# reardon smith welsh city,vancouver city and leeds city



## claredav (Nov 28, 2009)

Hi, My dad was on thes ships during1959-1962 while he was in the merchant navy. can anyone please tell me how i can get hold of any information and photos, grew lists etc.

Thanks


----------



## Bilgediver (Aug 27, 2006)

Hi Clare

You might get a reply here as some shipmates may remember.. I was on the Leeds City and Welsh city around these times and wonder if your dads name was JIM? I have pictures somewhere and movies taken during these voyages.
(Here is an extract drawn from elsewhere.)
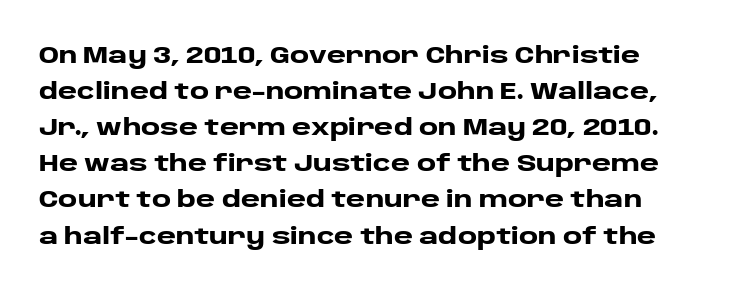
{"italic": "no", "bold": "yes", "underline": "no", "line_spacing": "normal", "line_spacing_ratio": 1.57, "letter_spacing": "normal", "letter_spacing_em": 0.0, "glyph_px": 23}

Capt Parkhouse was the skipper and Sukeinik was chief on the Leeds city but I will have to think hard as to who was on the Welsh city though I remember Eric Poingdestre was second and the chief was a lover of opera who had a low opinion of my liking for the musical Carmen Jones

If you go to the gallery there are pictures of the Welsh city in Port Said I believe just put in the name bilgediver in the search and you will get a few pictures. Heaven forbid you might even see pictures of your dad at some distant airport. Stranger things have happened


----------



## sidsal (Nov 13, 2007)

Hi Clare
I have a model of Welsh City made by a "sparks" whose hobby it was. He advertised about 6 or more models in Sea Breezes. He had retired and his wife told him to get rid of the models !!


----------